I can use the code as follows (notice one of the functions have a void return type):

#include "tpool.h"
#include <functional>
#include <iostream>

using namespace std;
using namespace tutils;

struct Foo{
  Foo(){cout<<"ctor"<<endl;}
  Foo(string const&str){cout<<"string ctor"<<endl;}
  Foo(Foo const&f){cout<<"copy ctor"<<endl;}
  Foo(Foo&&f){cout<<"move ctor"<<endl;}
  Foo&operator=(Foo const&f){cout<<"copy assignment"<<endl;}
  Foo&operator=(Foo&&f){cout<<"move assign"<<endl;}
  ~Foo(){cout<<"dtor"<<endl;}
};
ostream&operator<<(ostream&os,Foo const&foo){return cout<<"foo ";};

// main test program
int main(){
  // create function returning another function
  auto f=[]()->Foo{return Foo("Hello");};
  auto g=[]()->void{cout<<"world"<<endl;};
  function<Foo()>ff=f;

  // create and submit tasks
  {
    tpool tp(2);
    auto res=tp.submitTasksAndWait(ff,f,[]()->int{return 6;},g);
    cout<<transform_tuple(type2string_helper(),res)<<endl;
    cout<<"res: "<<res<<endl;
  }
  {
    tpool tp(2);
    auto tu=make_tuple(ff,f,[]()->int{return 6;},g);
    auto res=tp.submitTaskTupleAndWait(tu);
    cout<<transform_tuple(type2string_helper(),res)<<endl;
    cout<<"res: "<<res<<endl;
  }
}

Conclusions

In this item I only gave a mini example of how to customise a simple thread pool.
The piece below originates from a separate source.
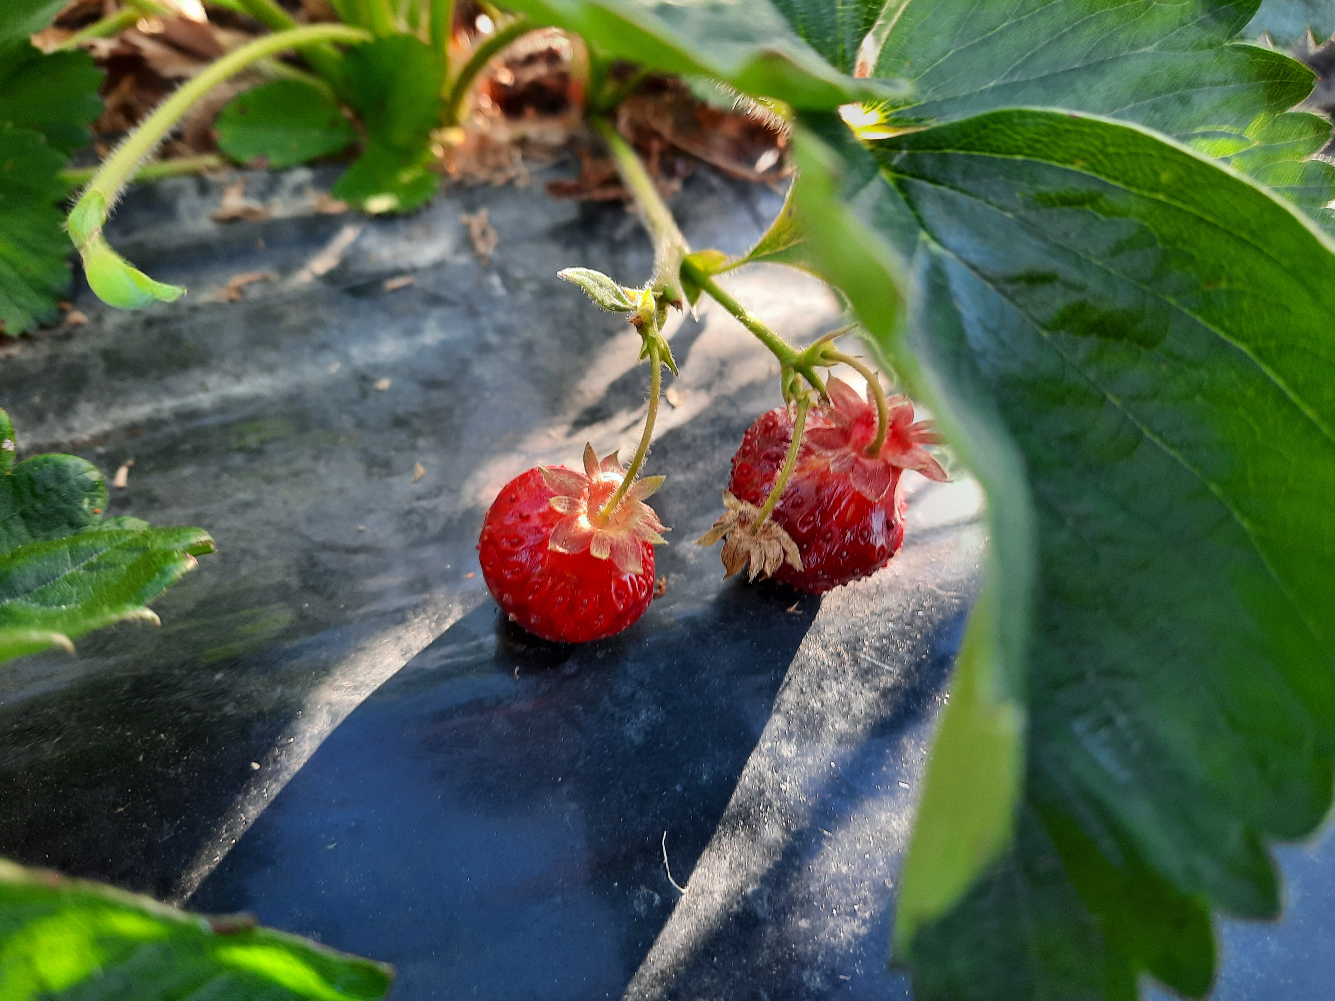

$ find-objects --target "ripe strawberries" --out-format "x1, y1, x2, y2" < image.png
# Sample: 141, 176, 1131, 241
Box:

However, with features from C++11 such as variadic templates and tuples together with utilities in type_traits it's relatively simple, in general, to implement flexible compile time polymorphic data structures. Getting used to developing code on both sides of the fence dividing compile time from runtime requires quite a lot of painful late night coding, often pushing ones patience to the limit. However, ones the Aha! moment hits you, you might wonder why didn't I code like this all along.